It provides an excellent introduction to the subject by making the material accessible and enjoyable.
The book is dedicated to a number of propositions:
1. The most important equations are often simple and easily explained; 2. The most important equations are often experimental, confirmed time and again; 3. The most important equations have been derived by remarkable scientists who lived interesting lives.
Each chapter covers a single equation and materials subject, and is structured in three sections: first, a description of the equation itself; second, a short biography of the scientist after whom it is named; and third, a discussion of some of the ramifications and applications of the equation.
The biographical sections intertwine the personal and professional life of the scientist with contemporary political and scientific developments.

Topics included are: Bravais lattices and crystals; Bragg's law and diffraction; the Gibbs phase rule and phases; Boltzmann's equation and thermodynamics; the Arrhenius equation and reactions; the Gibbs-Thomson equation and surfaces; Fick's laws and diffusion; the Scheil equation and solidification; the Avrami equation and phase transformations; Hooke's law and elasticity; the Burgers vector and plasticity; Griffith's equation and fracture; and the Fermi level and electrical properties.
The book is written for students interested in the manufacture, structure, properties and engineering application of materials such as metals, polymers, ceramics, semiconductors and composites.
It requires only a working knowledge of school maths, mainly algebra and simple calculus.

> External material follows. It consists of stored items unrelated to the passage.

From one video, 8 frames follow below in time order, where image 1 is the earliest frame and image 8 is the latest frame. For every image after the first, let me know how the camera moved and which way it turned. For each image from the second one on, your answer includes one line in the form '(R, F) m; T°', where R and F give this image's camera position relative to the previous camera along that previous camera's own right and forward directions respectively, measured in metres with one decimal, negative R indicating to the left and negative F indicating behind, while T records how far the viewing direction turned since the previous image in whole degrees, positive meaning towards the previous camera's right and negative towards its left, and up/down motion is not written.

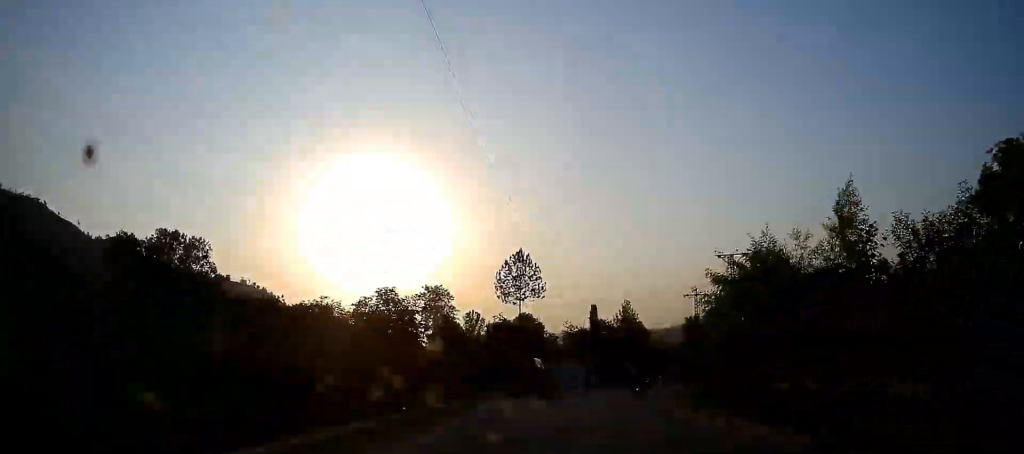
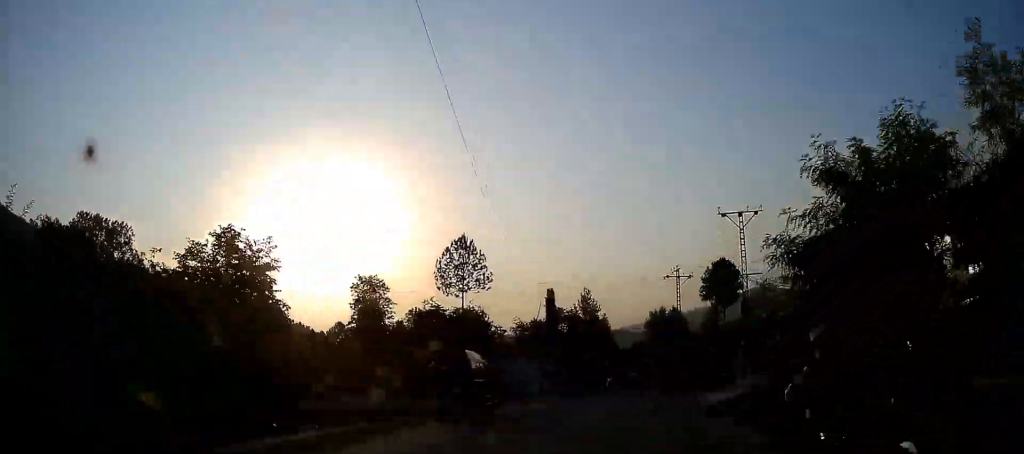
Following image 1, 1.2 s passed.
(+0.4, +11.4) m; +4°
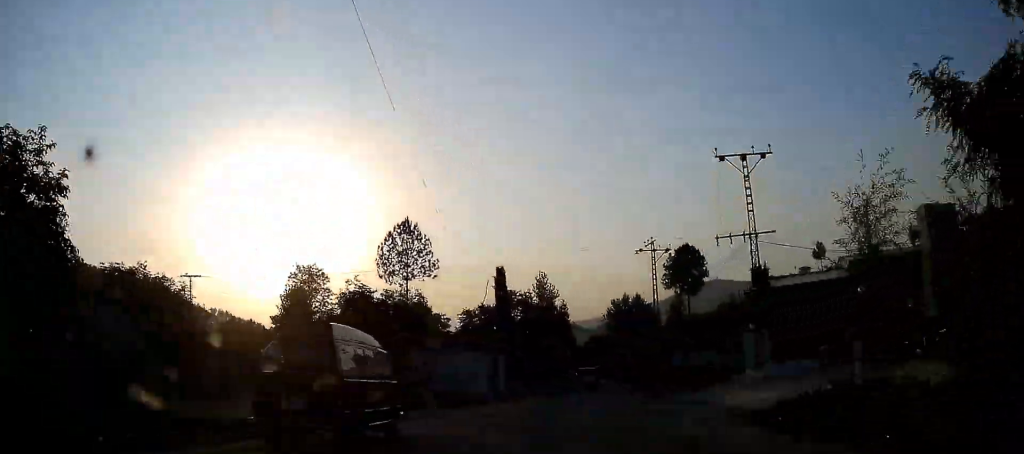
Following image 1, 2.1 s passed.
(+0.2, +7.8) m; +2°
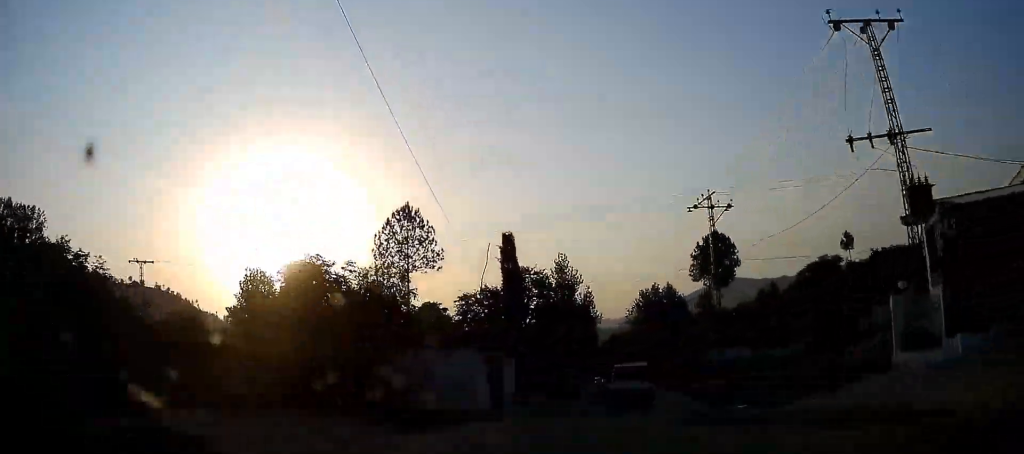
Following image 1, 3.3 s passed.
(+0.3, +10.5) m; +3°
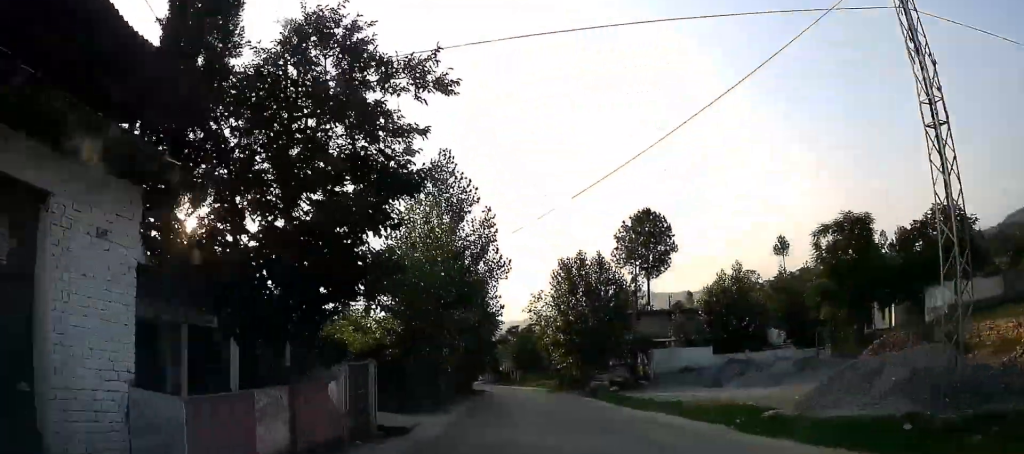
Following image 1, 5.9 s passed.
(+0.3, +21.6) m; -2°
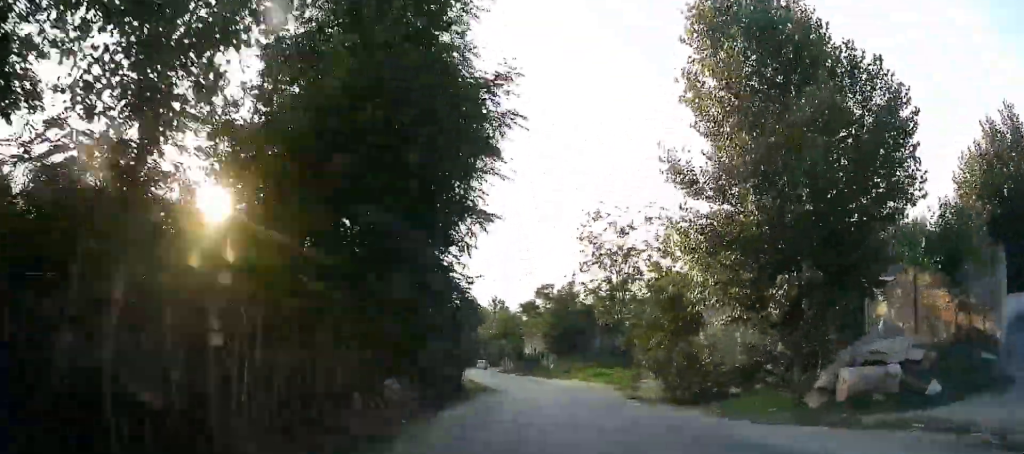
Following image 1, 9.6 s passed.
(+6.0, +32.2) m; +16°
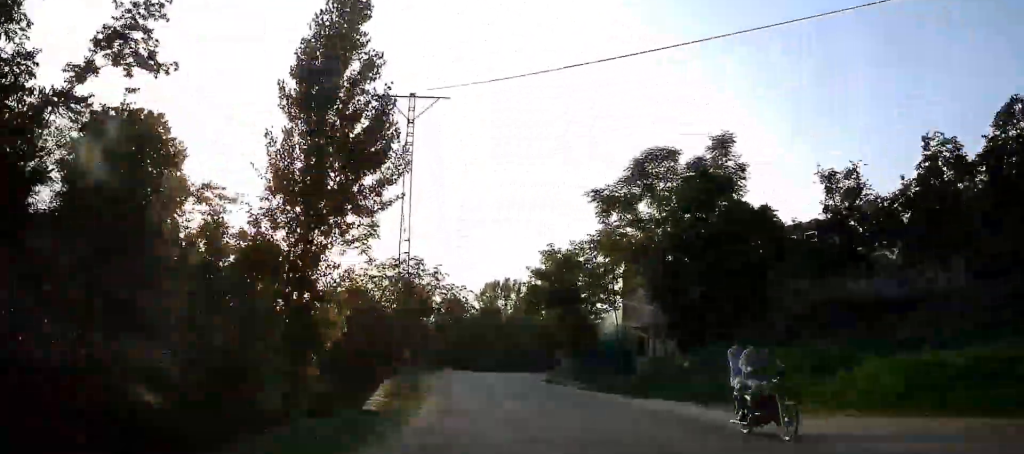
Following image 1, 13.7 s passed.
(-4.9, +42.5) m; -9°
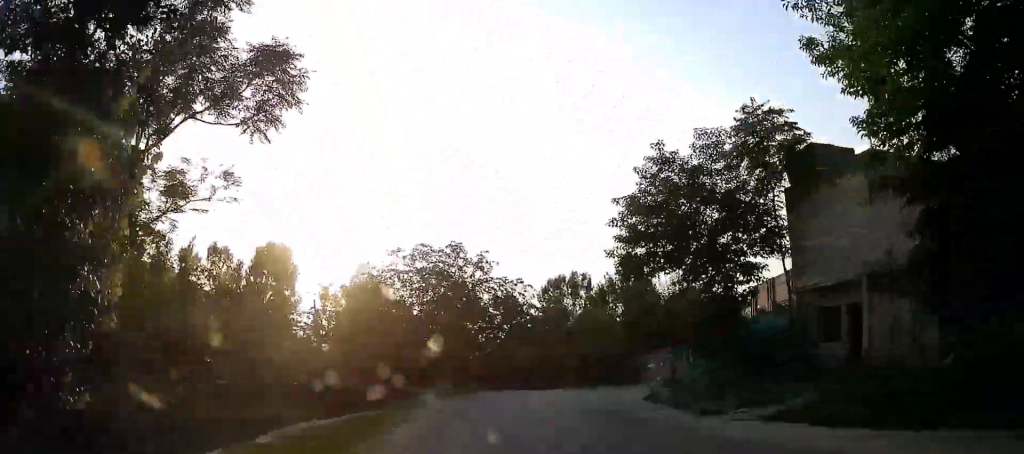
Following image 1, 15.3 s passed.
(-0.4, +16.1) m; -5°
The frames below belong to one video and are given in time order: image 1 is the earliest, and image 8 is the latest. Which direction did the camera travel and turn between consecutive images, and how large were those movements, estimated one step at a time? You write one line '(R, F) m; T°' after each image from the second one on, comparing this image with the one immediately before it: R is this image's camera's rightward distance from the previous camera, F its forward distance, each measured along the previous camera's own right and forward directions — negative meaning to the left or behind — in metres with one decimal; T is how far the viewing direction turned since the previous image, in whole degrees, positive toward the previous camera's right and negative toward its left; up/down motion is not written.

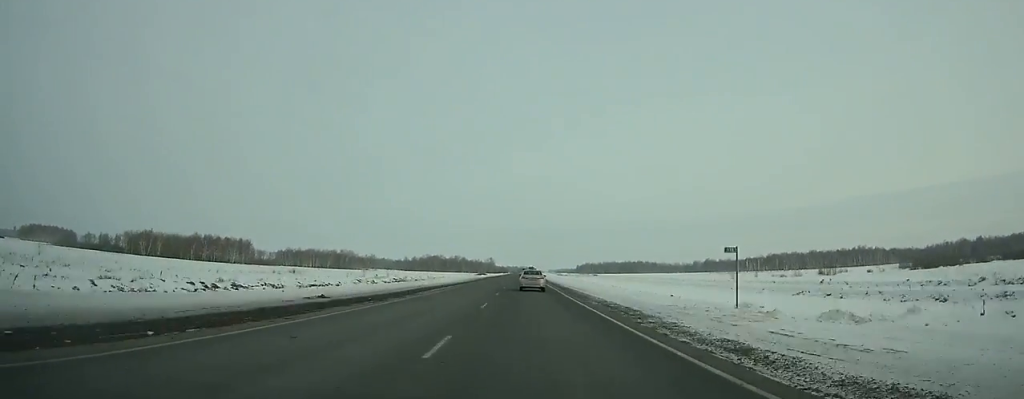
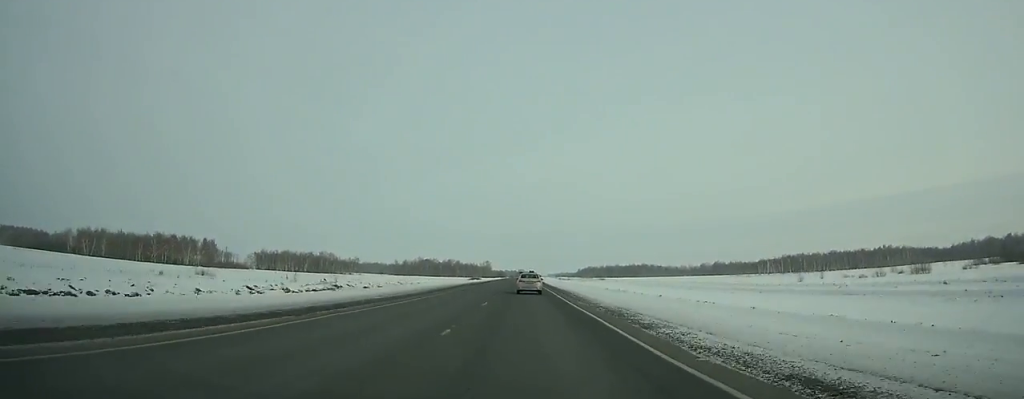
(+0.5, +44.5) m; 0°
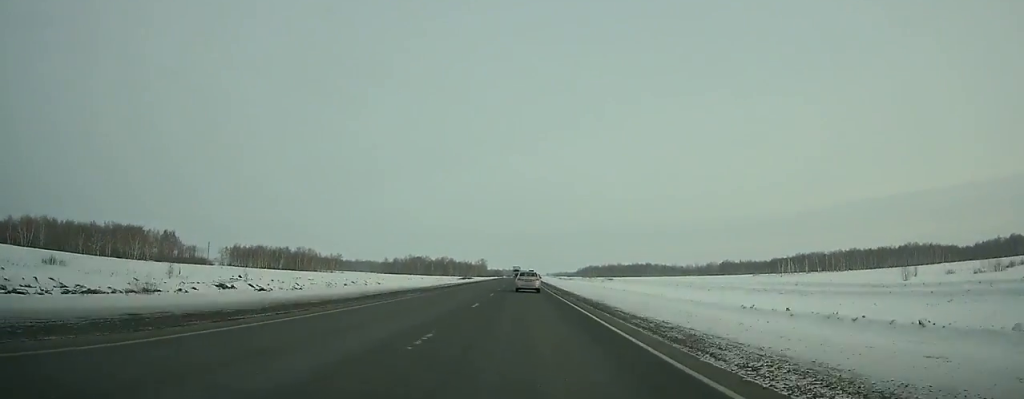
(+0.2, +38.6) m; 0°
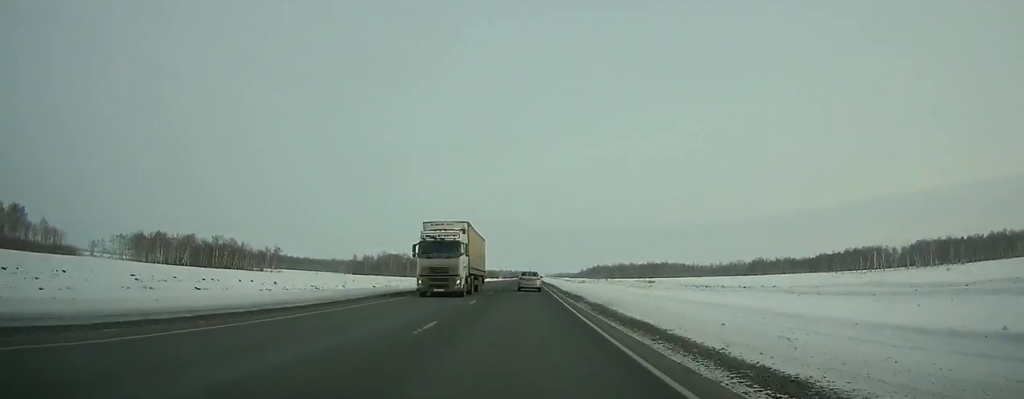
(0.0, +106.2) m; 0°
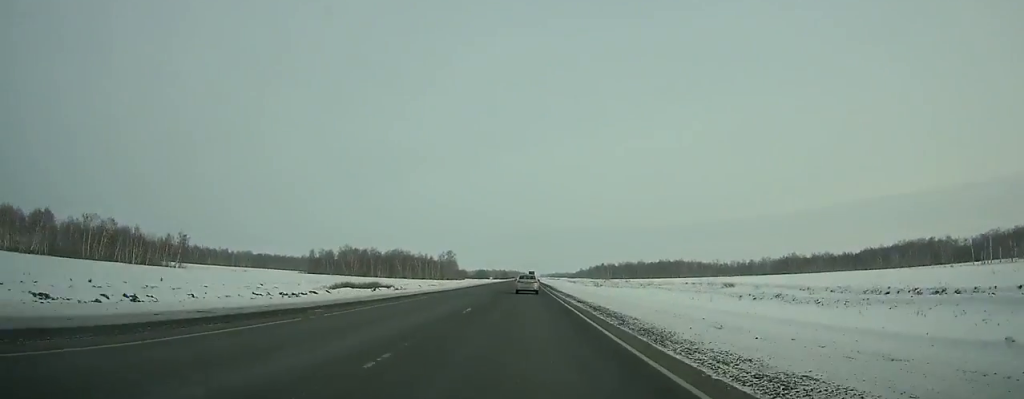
(+0.4, +88.7) m; 0°
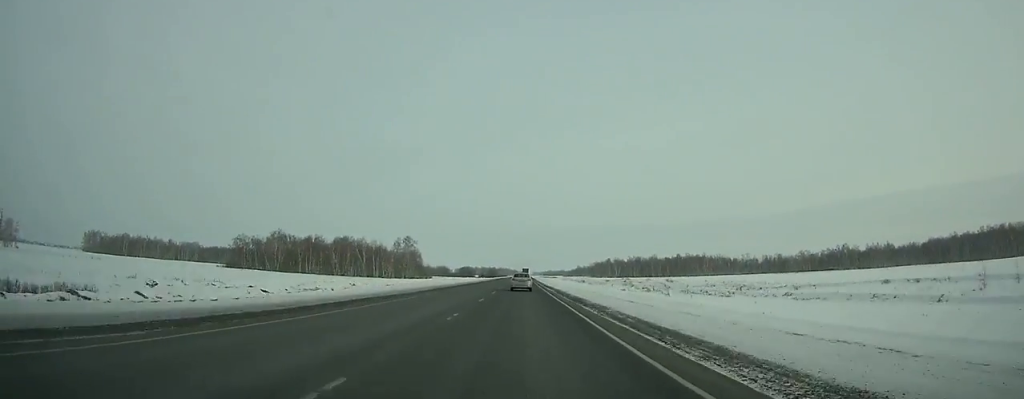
(+0.4, +101.2) m; 0°
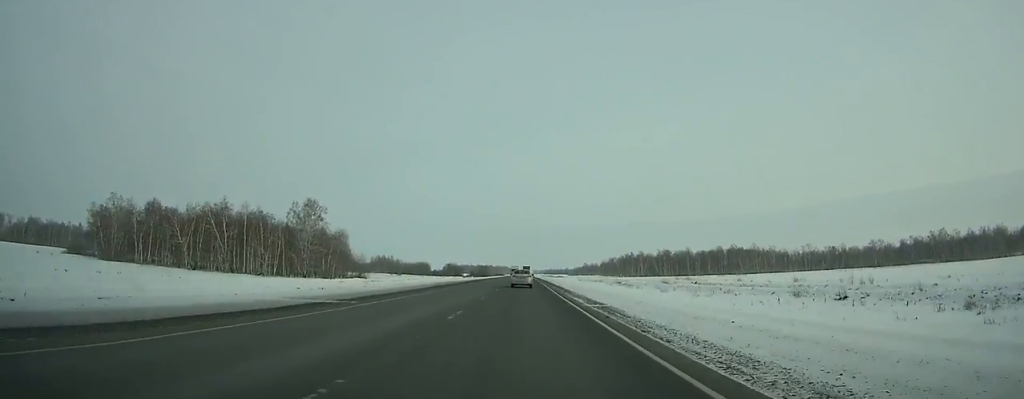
(+0.5, +107.6) m; 0°
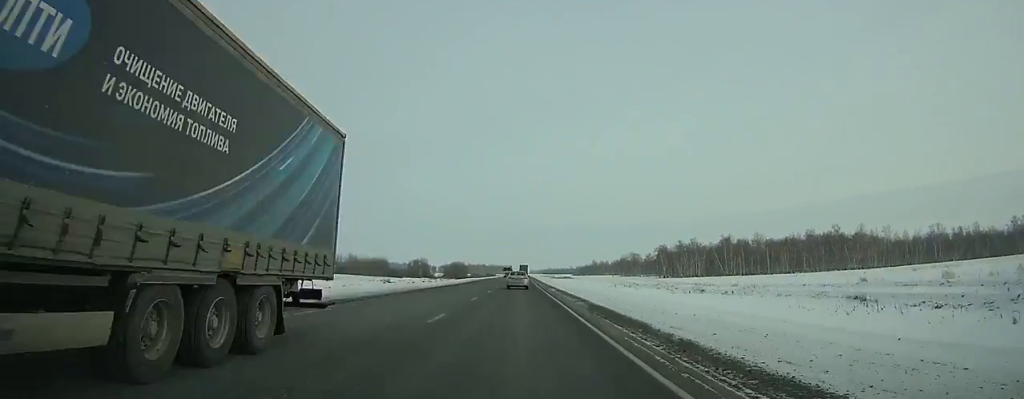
(+0.1, +131.3) m; 0°

1 Bravais Lattices: Crystals

2 Bragg's Law: Diffraction

3 The Gibbs phase rule

4 The Boltzmann equation: Thermodynamics

5 The Arrhenius equation: Reactions

6 The Gibbs-Thomson Equation: Surfaces

7 Fick's Laws: Diffusion

8 The Scheil Equation: Solidification

9 The Avrami Equation: Phase Transformations

10 Hooke's Law: Elasticity

11 The Burgers Vector: Plasticity

12 Griffith's Equation: Fracture

13 The Fermi Level: Electrical Properties

About the author: 

Brian Cantor has worked as a materials scientist for over 40 years. He has been Vice Chancellor of the Universities of Bradford and York, Head of Mathematical and Physical Sciences and Cookson Professor of Materials at the University of Oxford, Vice President of the Royal Academy of Engineering, a research scientist at General Electric, a visiting professor at Washington State and IISc Bangalore, and a consultant at Alcan, NASA and Rolls-Royce. He is a Trustee of the Science Museums Group and Chair of the World Technology Universities Network. He was awarded a CBE for services to higher education in 2013.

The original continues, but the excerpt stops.